=== What is needed ===
Although the entries contain pictures, write out only their text, exactly as it stands.

[Records contained in a dataset]
┄┄┄┄┄┄

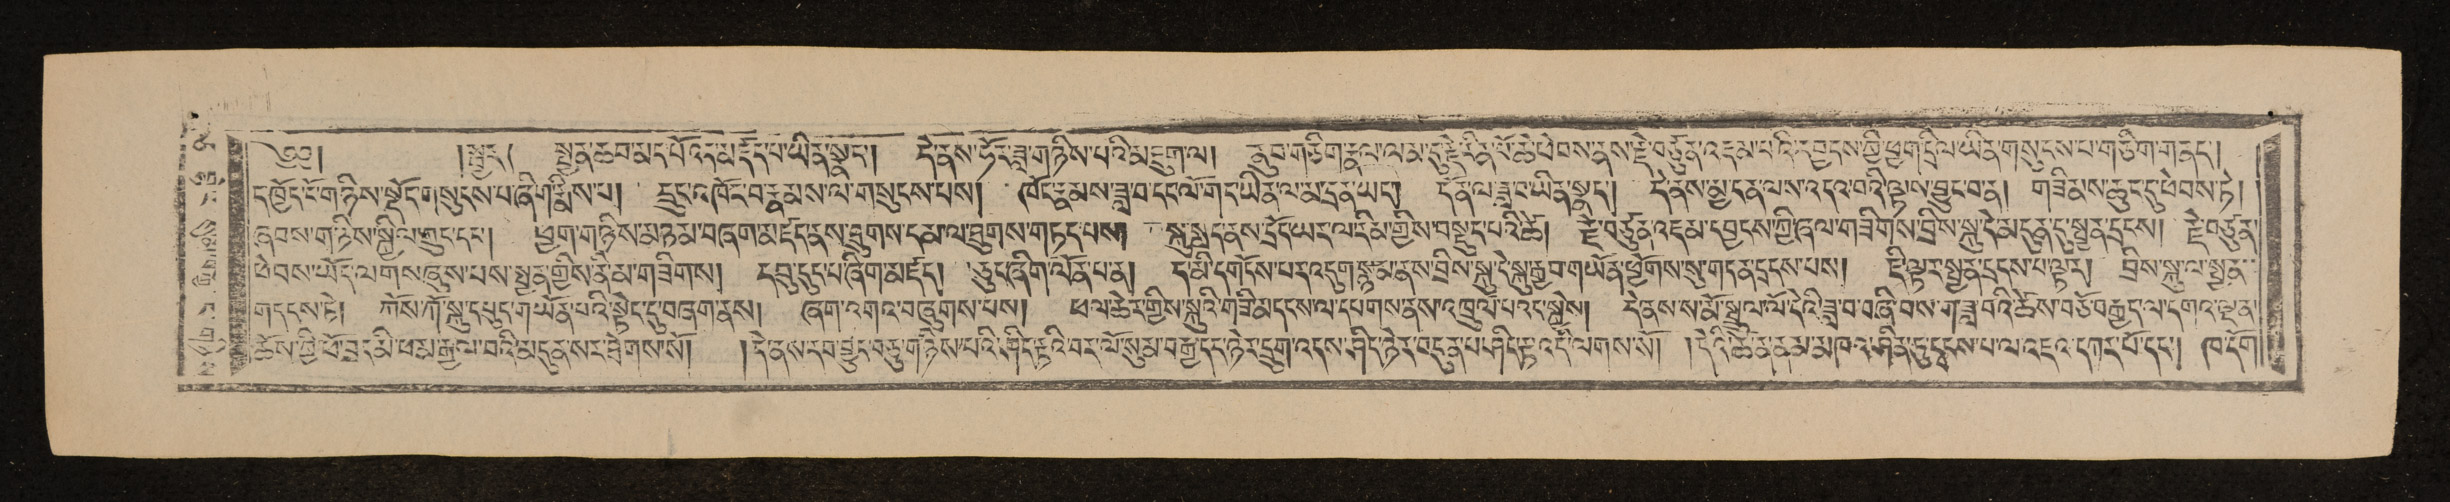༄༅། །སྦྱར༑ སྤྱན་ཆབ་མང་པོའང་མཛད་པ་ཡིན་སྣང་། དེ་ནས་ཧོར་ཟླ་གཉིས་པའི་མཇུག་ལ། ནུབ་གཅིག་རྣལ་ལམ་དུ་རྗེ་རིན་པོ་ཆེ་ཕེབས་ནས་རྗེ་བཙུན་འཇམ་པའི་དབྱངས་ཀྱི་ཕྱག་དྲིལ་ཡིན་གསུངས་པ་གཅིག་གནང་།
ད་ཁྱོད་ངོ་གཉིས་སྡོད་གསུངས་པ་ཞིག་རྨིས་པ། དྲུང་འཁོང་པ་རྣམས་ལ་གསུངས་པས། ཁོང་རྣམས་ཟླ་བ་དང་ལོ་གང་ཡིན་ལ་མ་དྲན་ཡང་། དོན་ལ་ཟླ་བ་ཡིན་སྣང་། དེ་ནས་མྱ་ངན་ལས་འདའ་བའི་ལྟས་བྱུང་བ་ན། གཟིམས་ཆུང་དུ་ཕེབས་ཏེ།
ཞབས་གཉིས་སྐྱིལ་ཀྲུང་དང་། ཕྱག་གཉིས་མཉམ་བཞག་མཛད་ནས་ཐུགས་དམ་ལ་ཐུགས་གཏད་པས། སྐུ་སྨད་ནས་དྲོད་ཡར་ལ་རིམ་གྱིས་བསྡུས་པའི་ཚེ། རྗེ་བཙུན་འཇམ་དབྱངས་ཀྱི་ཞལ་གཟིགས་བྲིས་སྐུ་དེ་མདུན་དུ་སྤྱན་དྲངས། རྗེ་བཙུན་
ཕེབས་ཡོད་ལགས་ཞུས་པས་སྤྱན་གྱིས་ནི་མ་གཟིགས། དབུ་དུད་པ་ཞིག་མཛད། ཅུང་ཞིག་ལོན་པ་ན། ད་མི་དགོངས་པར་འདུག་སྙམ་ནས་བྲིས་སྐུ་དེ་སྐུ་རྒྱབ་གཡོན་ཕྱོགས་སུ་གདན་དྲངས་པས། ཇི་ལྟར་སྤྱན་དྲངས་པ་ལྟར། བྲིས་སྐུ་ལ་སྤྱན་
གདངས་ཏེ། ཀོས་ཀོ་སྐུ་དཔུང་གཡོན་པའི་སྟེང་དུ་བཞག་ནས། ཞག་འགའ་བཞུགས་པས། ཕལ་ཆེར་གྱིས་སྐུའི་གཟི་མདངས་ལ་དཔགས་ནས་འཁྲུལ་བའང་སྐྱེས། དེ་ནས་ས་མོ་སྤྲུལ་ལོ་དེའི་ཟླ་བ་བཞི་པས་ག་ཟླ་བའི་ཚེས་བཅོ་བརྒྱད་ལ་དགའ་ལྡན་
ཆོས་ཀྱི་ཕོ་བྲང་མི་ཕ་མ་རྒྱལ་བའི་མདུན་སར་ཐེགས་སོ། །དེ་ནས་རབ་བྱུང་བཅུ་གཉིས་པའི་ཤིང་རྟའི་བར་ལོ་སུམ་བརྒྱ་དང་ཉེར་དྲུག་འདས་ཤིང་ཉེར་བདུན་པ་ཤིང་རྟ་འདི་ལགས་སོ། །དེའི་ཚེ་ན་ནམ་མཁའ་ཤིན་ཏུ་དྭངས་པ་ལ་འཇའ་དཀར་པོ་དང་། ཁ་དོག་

┄┄┄┄┄┄

=== Response below ===
༄༅། །སྦྱར༑ སྤྱན་ཆབ་མང་པོའང་མཛད་པ་ཡིན་སྣང་། དེ་ནས་ཧོར་ཟླ་གཉིས་པའི་མཇུག་ལ། ནུབ་གཅིག་རྣལ་ལམ་དུ་རྗེ་རིན་པོ་ཆེ་ཕེབས་ནས་རྗེ་བཙུན་འཇམ་པའི་དབྱངས་ཀྱི་ཕྱག་དྲིལ་ཡིན་གསུངས་པ་གཅིག་གནང་།
ད་ཁྱོད་ངོ་གཉིས་སྡོད་གསུངས་པ་ཞིག་རྨིས་པ། དྲུང་འཁོང་པ་རྣམས་ལ་གསུངས་པས། ཁོང་རྣམས་ཟླ་བ་དང་ལོ་གང་ཡིན་ལ་མ་དྲན་ཡང་། དོན་ལ་ཟླ་བ་ཡིན་སྣང་། དེ་ནས་མྱ་ངན་ལས་འདའ་བའི་ལྟས་བྱུང་བ་ན། གཟིམས་ཆུང་དུ་ཕེབས་ཏེ།
ཞབས་གཉིས་སྐྱིལ་ཀྲུང་དང་། ཕྱག་གཉིས་མཉམ་བཞག་མཛད་ནས་ཐུགས་དམ་ལ་ཐུགས་གཏད་པས། སྐུ་སྨད་ནས་དྲོད་ཡར་ལ་རིམ་གྱིས་བསྡུས་པའི་ཚེ། རྗེ་བཙུན་འཇམ་དབྱངས་ཀྱི་ཞལ་གཟིགས་བྲིས་སྐུ་དེ་མདུན་དུ་སྤྱན་དྲངས། རྗེ་བཙུན་
ཕེབས་ཡོད་ལགས་ཞུས་པས་སྤྱན་གྱིས་ནི་མ་གཟིགས། དབུ་དུད་པ་ཞིག་མཛད། ཅུང་ཞིག་ལོན་པ་ན། ད་མི་དགོངས་པར་འདུག་སྙམ་ནས་བྲིས་སྐུ་དེ་སྐུ་རྒྱབ་གཡོན་ཕྱོགས་སུ་གདན་དྲངས་པས། ཇི་ལྟར་སྤྱན་དྲངས་པ་ལྟར། བྲིས་སྐུ་ལ་སྤྱན་
གདངས་ཏེ། ཀོས་ཀོ་སྐུ་དཔུང་གཡོན་པའི་སྟེང་དུ་བཞག་ནས། ཞག་འགའ་བཞུགས་པས། ཕལ་ཆེར་གྱིས་སྐུའི་གཟི་མདངས་ལ་དཔགས་ནས་འཁྲུལ་བའང་སྐྱེས། དེ་ནས་ས་མོ་སྤྲུལ་ལོ་དེའི་ཟླ་བ་བཞི་པས་ག་ཟླ་བའི་ཚེས་བཅོ་བརྒྱད་ལ་དགའ་ལྡན་
ཆོས་ཀྱི་ཕོ་བྲང་མི་ཕ་མ་རྒྱལ་བའི་མདུན་སར་ཐེགས་སོ། །དེ་ནས་རབ་བྱུང་བཅུ་གཉིས་པའི་ཤིང་རྟའི་བར་ལོ་སུམ་བརྒྱ་དང་ཉེར་དྲུག་འདས་ཤིང་ཉེར་བདུན་པ་ཤིང་རྟ་འདི་ལགས་སོ། །དེའི་ཚེ་ན་ནམ་མཁའ་ཤིན་ཏུ་དྭངས་པ་ལ་འཇའ་དཀར་པོ་དང་། ཁ་དོག་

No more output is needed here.